§ **Problem to solve**
If a record below holds a picture, leave the picture out and copy the rest exactly.

+---+

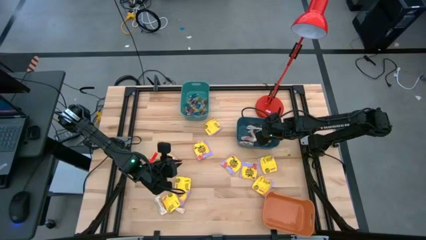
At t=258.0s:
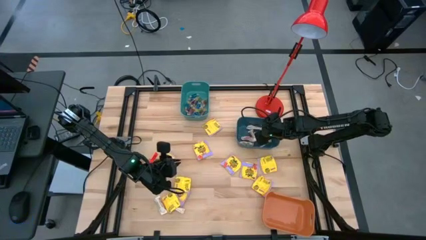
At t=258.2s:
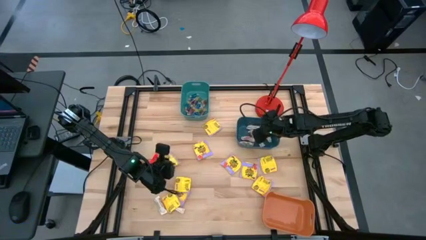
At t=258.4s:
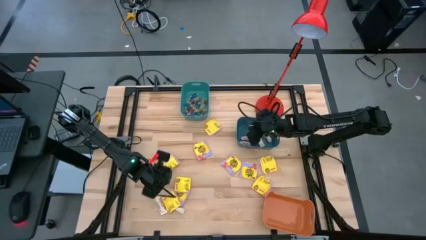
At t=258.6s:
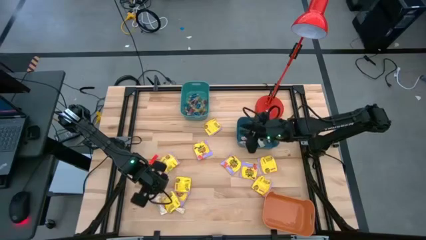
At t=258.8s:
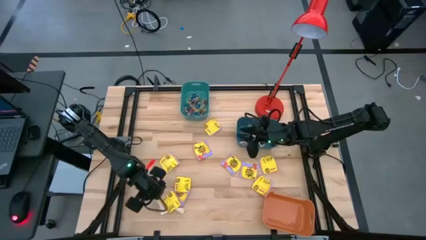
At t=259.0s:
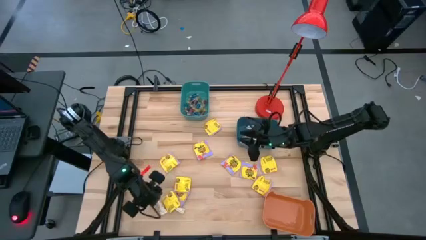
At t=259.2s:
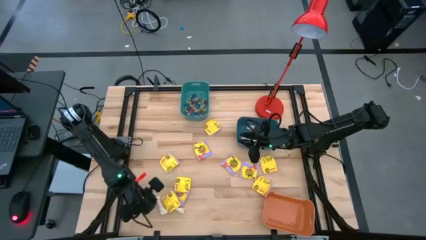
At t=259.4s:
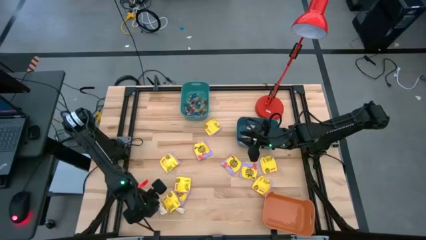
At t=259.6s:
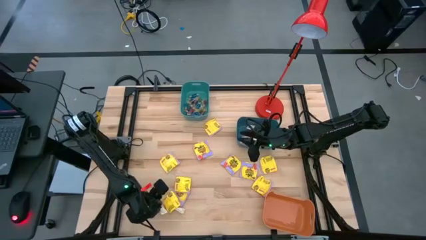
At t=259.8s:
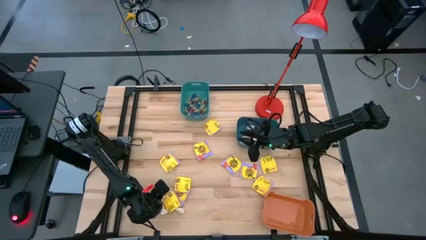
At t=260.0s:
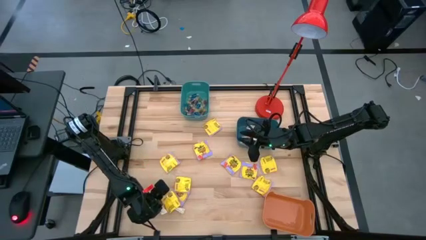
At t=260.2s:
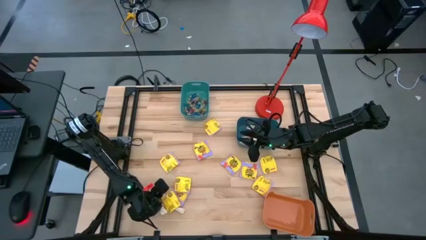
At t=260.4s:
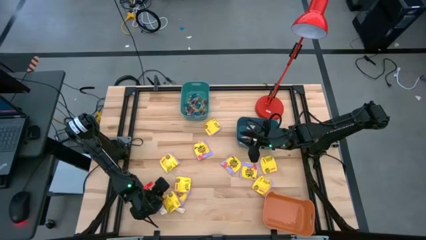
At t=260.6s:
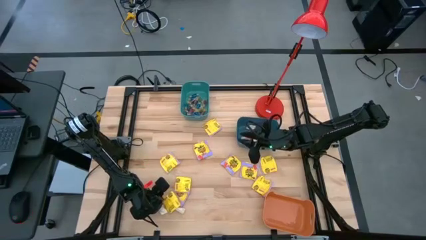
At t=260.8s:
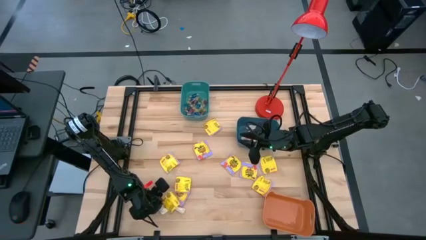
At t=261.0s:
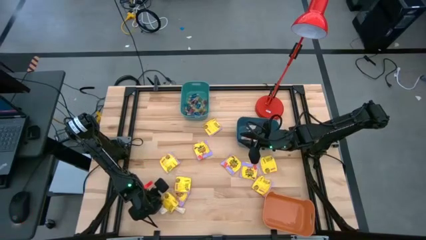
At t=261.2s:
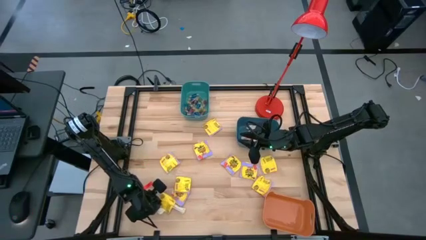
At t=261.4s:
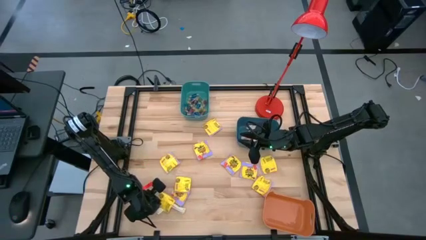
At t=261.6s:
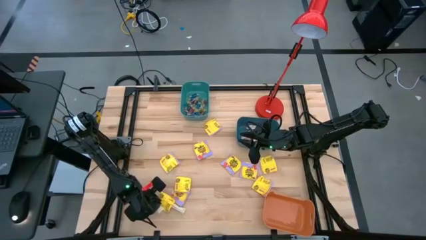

+---+

§ **Task answer**
At t=258.0s:
At t=258.2s:
At t=258.4s:
At t=258.6s:
At t=258.8s:
At t=259.0s:
At t=259.2s:
At t=259.4s:
At t=259.6s:
At t=259.8s:
At t=260.0s:
At t=260.2s:
At t=260.4s:
At t=260.6s:
At t=260.8s:
At t=261.0s:
At t=261.2s:
At t=261.4s:
At t=261.6s:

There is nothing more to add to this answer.